The WoW authenticator message you describe is just that, a warning. Their message is clear "Blizzard only trusts carrier images". My stance is that I don't trust carrier images and at the end of the day, it's my phone :)
I had a similar argument with my bank. Their argument was that Internet explorer was the only trusted browser. My argument was that because I'm a paranoid developer I can audit at my digression the source code for Mozilla to ensure that privacy, data integrity and exploits are not there. You cannot do the same with any Microsoft product. I had this argument back in the late 90's (or early 2000's maybe) and eventually my bank capitulated and allowed firefox through even though I was using it anyway by forging the UserAgent string.
Finally, I changed from a Fob in WoW to an app purely because my daughter managed to remove it from my keyring and then lost it. Remember, I am not arguing against the Fob, just your assertation that a rooted phone is inherently more insecure than a non rooted one.
Fair point. I just know that as rooting phones becomes more of a trivial process non techy people might install a ROM and later hit the 'allow this app super user privileges' when they shouldn't and allow something nasty to happen. Plus from my own experience I've inadvertently wiped a phone with an authenticator still installed. Add that to the shame of losing or braking a phone and I'd always pay the money and get a dedicated key fob. Then again I don't have curious little rug rats to worry about :-)
Sent from my HTC Desire
I'm starting to regret adding a phone-based security key to my account.
I recently contacted support asking them to remove my security key from my account as I wanted to stick a new rom on my phone. Their reply is below. Note the text in bold ...
QuoteWe could remove your account's security key in order for you to gain access of it.

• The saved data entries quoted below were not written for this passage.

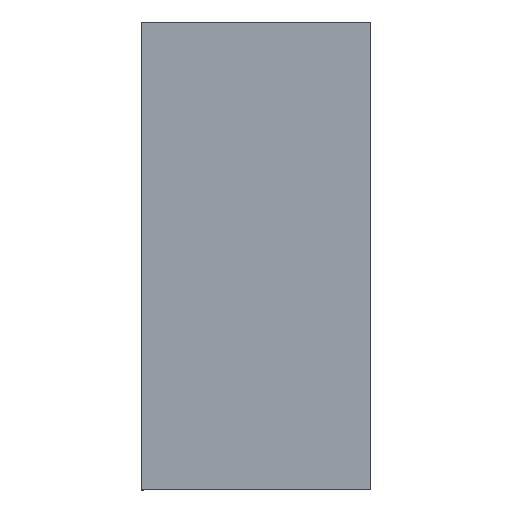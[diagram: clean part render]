
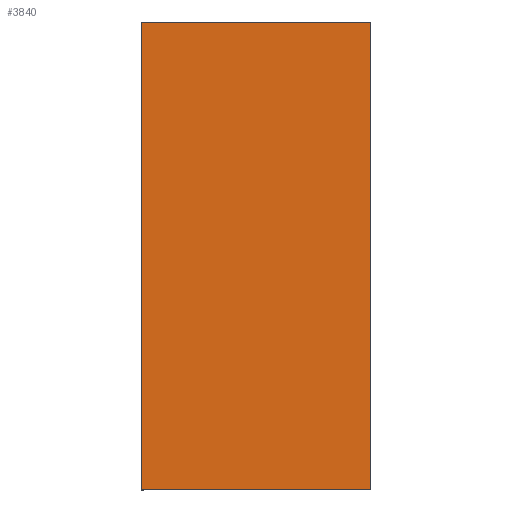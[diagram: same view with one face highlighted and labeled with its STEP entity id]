
A CAD part, top view. The second image highlights one B-rep face of the part: STEP entity #3840.
In plain terms, the highlighted face is planar.
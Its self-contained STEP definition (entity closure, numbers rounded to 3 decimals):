
#60=CARTESIAN_POINT('',(30.774,-38.627,
8.46));
#70=DIRECTION('',(0.707,-0.707,
0.));
#80=VECTOR('',#70,1.);
#90=LINE('',#60,#80);
#100=CARTESIAN_POINT('',(38.891,-46.744,
8.46));
#110=VERTEX_POINT('',#100);
#120=CARTESIAN_POINT('',(46.315,-54.169,
8.46));
#130=VERTEX_POINT('',#120);
#140=EDGE_CURVE('',#110,#130,#90,.T.);
#1550=CARTESIAN_POINT('',(46.315,-54.169,
13.61));
#1560=VERTEX_POINT('',#1550);
#2710=CARTESIAN_POINT('',(38.891,-46.744,
13.61));
#2720=VERTEX_POINT('',#2710);
#2750=CARTESIAN_POINT('',(-7.853,0.,13.61));
#2760=DIRECTION('',(0.707,-0.707,0.));
#2770=VECTOR('',#2760,1.);
#2780=LINE('',#2750,#2770);
#2790=EDGE_CURVE('',#2720,#1560,#2780,.T.);
#3280=CARTESIAN_POINT('',(46.315,-54.169,
0.));
#3290=DIRECTION('',(0.,0.,1.));
#3300=VECTOR('',#3290,1.);
#3310=LINE('',#3280,#3300);
#3320=EDGE_CURVE('',#130,#1560,#3310,.T.);
#3680=CARTESIAN_POINT('',(46.315,-54.169,
8.46));
#3690=DIRECTION('',(-0.707,-0.707,
0.));
#3700=DIRECTION('',(0.707,-0.707,
0.));
#3710=AXIS2_PLACEMENT_3D('',#3680,#3690,#3700);
#3720=PLANE('',#3710);
#3730=ORIENTED_EDGE('',*,*,#140,.F.);
#3740=ORIENTED_EDGE('',*,*,#3320,.F.);
#3750=ORIENTED_EDGE('',*,*,#2790,.T.);
#3760=CARTESIAN_POINT('',(38.891,-46.744,
0.));
#3770=DIRECTION('',(0.,0.,1.));
#3780=VECTOR('',#3770,1.);
#3790=LINE('',#3760,#3780);
#3800=EDGE_CURVE('',#110,#2720,#3790,.T.);
#3810=ORIENTED_EDGE('',*,*,#3800,.T.);
#3820=EDGE_LOOP('',(#3810,#3750,#3740,#3730));
#3830=FACE_OUTER_BOUND('',#3820,.T.);
#3840=ADVANCED_FACE('',(#3830),#3720,.F.);
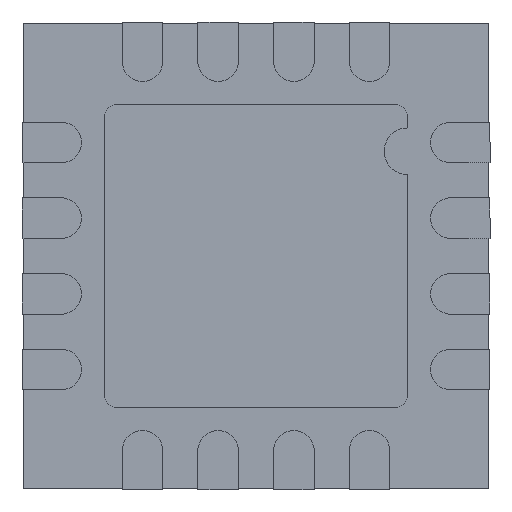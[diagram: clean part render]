
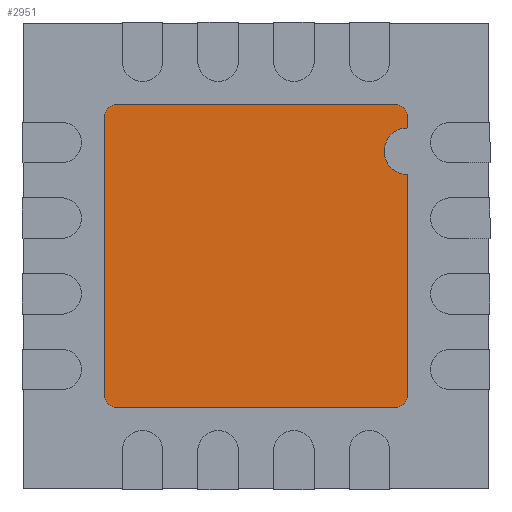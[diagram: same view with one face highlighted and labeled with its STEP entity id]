
A CAD part, front view. The second image highlights one B-rep face of the part: STEP entity #2951.
In plain terms, the highlighted planar face has unit normal (0, -1, 0).
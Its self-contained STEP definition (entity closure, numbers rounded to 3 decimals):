
#39 = CARTESIAN_POINT ( 'NONE',  ( -1.2, 0., -1.2 ) ) ;
#191 = CARTESIAN_POINT ( 'NONE',  ( -1.3, 0., -1.2 ) ) ;
#315 = DIRECTION ( 'NONE',  ( 0., 0., -1. ) ) ;
#357 = DIRECTION ( 'NONE',  ( 0., 0., 1. ) ) ;
#412 = CARTESIAN_POINT ( 'NONE',  ( -1.2, 0., -1.3 ) ) ;
#419 = CARTESIAN_POINT ( 'NONE',  ( 0., 0., 0. ) ) ;
#506 = DIRECTION ( 'NONE',  ( -1., 0., 0. ) ) ;
#524 = VECTOR ( 'NONE', #1339, 1000. ) ;
#565 = VERTEX_POINT ( 'NONE', #4115 ) ;
#757 = AXIS2_PLACEMENT_3D ( 'NONE', #6068, #6602, #4502 ) ;
#763 = EDGE_CURVE ( 'NONE', #565, #1497, #2372, .T. ) ;
#862 = VERTEX_POINT ( 'NONE', #5233 ) ;
#1012 = EDGE_CURVE ( 'NONE', #2269, #862, #1373, .T. ) ;
#1155 = DIRECTION ( 'NONE',  ( 0., -1., 0. ) ) ;
#1339 = DIRECTION ( 'NONE',  ( 0., 0., -1. ) ) ;
#1373 = LINE ( 'NONE', #5954, #3732 ) ;
#1497 = VERTEX_POINT ( 'NONE', #3274 ) ;
#1543 = AXIS2_PLACEMENT_3D ( 'NONE', #39, #3227, #5817 ) ;
#1554 = CARTESIAN_POINT ( 'NONE',  ( 1.2, 0., 1.2 ) ) ;
#1572 = VERTEX_POINT ( 'NONE', #3340 ) ;
#1674 = VERTEX_POINT ( 'NONE', #5918 ) ;
#1789 = AXIS2_PLACEMENT_3D ( 'NONE', #1554, #1155, #3704 ) ;
#2048 = VECTOR ( 'NONE', #506, 1000. ) ;
#2173 = VERTEX_POINT ( 'NONE', #4500 ) ;
#2269 = VERTEX_POINT ( 'NONE', #4553 ) ;
#2372 = CIRCLE ( 'NONE', #4649, 0.1 ) ;
#2655 = CARTESIAN_POINT ( 'NONE',  ( 1.2, 0., -1.2 ) ) ;
#2890 = CIRCLE ( 'NONE', #757, 0.1 ) ;
#2929 = VERTEX_POINT ( 'NONE', #3988 ) ;
#2951 = ADVANCED_FACE ( 'NONE', ( #3533 ), #3008, .F. ) ;
#2997 = EDGE_LOOP ( 'NONE', ( #5772, #5381, #6013, #4674, #4724, #3707, #6628, #3449, #5145, #4381 ) ) ;
#3008 = PLANE ( 'NONE',  #4515 ) ;
#3105 = EDGE_CURVE ( 'NONE', #565, #5173, #6671, .T. ) ;
#3136 = CARTESIAN_POINT ( 'NONE',  ( -1.3, 0., -1.3 ) ) ;
#3227 = DIRECTION ( 'NONE',  ( 0., -1., 0. ) ) ;
#3229 = LINE ( 'NONE', #6615, #4437 ) ;
#3274 = CARTESIAN_POINT ( 'NONE',  ( 1.3, 0., -1.2 ) ) ;
#3340 = CARTESIAN_POINT ( 'NONE',  ( 1.3, 0., 1.2 ) ) ;
#3449 = ORIENTED_EDGE ( 'NONE', *, *, #4784, .T. ) ;
#3533 = FACE_OUTER_BOUND ( 'NONE', #2997, .T. ) ;
#3544 = VECTOR ( 'NONE', #315, 1000. ) ;
#3574 = CARTESIAN_POINT ( 'NONE',  ( 1.3, 0., 0.9 ) ) ;
#3694 = DIRECTION ( 'NONE',  ( 0., -1., 0. ) ) ;
#3704 = DIRECTION ( 'NONE',  ( 0., 0., 1. ) ) ;
#3707 = ORIENTED_EDGE ( 'NONE', *, *, #5080, .T. ) ;
#3732 = VECTOR ( 'NONE', #6465, 1000. ) ;
#3988 = CARTESIAN_POINT ( 'NONE',  ( 1.3, 0., 0.7 ) ) ;
#3998 = CARTESIAN_POINT ( 'NONE',  ( 1.3, 0., -1.3 ) ) ;
#4031 = LINE ( 'NONE', #4275, #3544 ) ;
#4039 = DIRECTION ( 'NONE',  ( 0., 1., 0. ) ) ;
#4063 = DIRECTION ( 'NONE',  ( 0., 0., 1. ) ) ;
#4115 = CARTESIAN_POINT ( 'NONE',  ( 1.2, 0., -1.3 ) ) ;
#4275 = CARTESIAN_POINT ( 'NONE',  ( 1.3, 0., -1.3 ) ) ;
#4381 = ORIENTED_EDGE ( 'NONE', *, *, #763, .T. ) ;
#4437 = VECTOR ( 'NONE', #6083, 1000. ) ;
#4443 = EDGE_CURVE ( 'NONE', #2929, #1497, #5216, .T. ) ;
#4451 = VERTEX_POINT ( 'NONE', #191 ) ;
#4500 = CARTESIAN_POINT ( 'NONE',  ( -1.3, 0., 1.2 ) ) ;
#4502 = DIRECTION ( 'NONE',  ( 0., 0., 1. ) ) ;
#4515 = AXIS2_PLACEMENT_3D ( 'NONE', #419, #4039, #4063 ) ;
#4553 = CARTESIAN_POINT ( 'NONE',  ( -1.2, 0., 1.3 ) ) ;
#4649 = AXIS2_PLACEMENT_3D ( 'NONE', #2655, #3694, #4776 ) ;
#4674 = ORIENTED_EDGE ( 'NONE', *, *, #5652, .T. ) ;
#4724 = ORIENTED_EDGE ( 'NONE', *, *, #1012, .F. ) ;
#4776 = DIRECTION ( 'NONE',  ( 0., 0., 1. ) ) ;
#4784 = EDGE_CURVE ( 'NONE', #4451, #5173, #5129, .T. ) ;
#5052 = DIRECTION ( 'NONE',  ( 0., 1., 0. ) ) ;
#5080 = EDGE_CURVE ( 'NONE', #2269, #2173, #2890, .T. ) ;
#5129 = CIRCLE ( 'NONE', #1543, 0.1 ) ;
#5145 = ORIENTED_EDGE ( 'NONE', *, *, #3105, .F. ) ;
#5173 = VERTEX_POINT ( 'NONE', #412 ) ;
#5216 = LINE ( 'NONE', #3998, #524 ) ;
#5233 = CARTESIAN_POINT ( 'NONE',  ( 1.2, 0., 1.3 ) ) ;
#5248 = AXIS2_PLACEMENT_3D ( 'NONE', #3574, #5052, #357 ) ;
#5326 = CIRCLE ( 'NONE', #1789, 0.1 ) ;
#5381 = ORIENTED_EDGE ( 'NONE', *, *, #5827, .T. ) ;
#5567 = EDGE_CURVE ( 'NONE', #4451, #2173, #3229, .T. ) ;
#5652 = EDGE_CURVE ( 'NONE', #1572, #862, #5326, .T. ) ;
#5772 = ORIENTED_EDGE ( 'NONE', *, *, #4443, .F. ) ;
#5817 = DIRECTION ( 'NONE',  ( 0., 0., 1. ) ) ;
#5827 = EDGE_CURVE ( 'NONE', #2929, #1674, #5983, .T. ) ;
#5918 = CARTESIAN_POINT ( 'NONE',  ( 1.3, 0., 1.1 ) ) ;
#5954 = CARTESIAN_POINT ( 'NONE',  ( -1.3, 0., 1.3 ) ) ;
#5983 = CIRCLE ( 'NONE', #5248, 0.2 ) ;
#6013 = ORIENTED_EDGE ( 'NONE', *, *, #6395, .F. ) ;
#6068 = CARTESIAN_POINT ( 'NONE',  ( -1.2, 0., 1.2 ) ) ;
#6083 = DIRECTION ( 'NONE',  ( 0., 0., 1. ) ) ;
#6395 = EDGE_CURVE ( 'NONE', #1572, #1674, #4031, .T. ) ;
#6465 = DIRECTION ( 'NONE',  ( 1., 0., 0. ) ) ;
#6602 = DIRECTION ( 'NONE',  ( 0., -1., 0. ) ) ;
#6615 = CARTESIAN_POINT ( 'NONE',  ( -1.3, 0., -1.3 ) ) ;
#6628 = ORIENTED_EDGE ( 'NONE', *, *, #5567, .F. ) ;
#6671 = LINE ( 'NONE', #3136, #2048 ) ;

However, we regret to inform you that we cannot deal with your request through email. In order to protect your account, all Security Key issues are dealt with via our Customer Service telephone support.
We are aware that there is currently a bug which prevents a Mobile Security Key from being re-attached to an account after being removed.
This bug also prevents a new Security Key being downloaded and attached to the account using the same mobile device.
As account security is one of our top priorities, we are working hard on fixing this problem as quickly as possible. In the meantime, please be aware that a physical Security Key can still be added to accounts which have had a Mobile Security Key removed.
You cannot add keys from a different mobile device, only in Physical Keys.
You may link your physical security key to up to 5 SWTOR accounts. This feature is not currently available for the mobile security key.
So you can only have one key generated from a single device and should that device go belly up it's a phone call to support to get it all put straight and then you cannot attach a new (mobile) one. The physical key fob looks favourite to me too.
Thanks for the heads-up. I have just signed up with the APP and will see how that goes.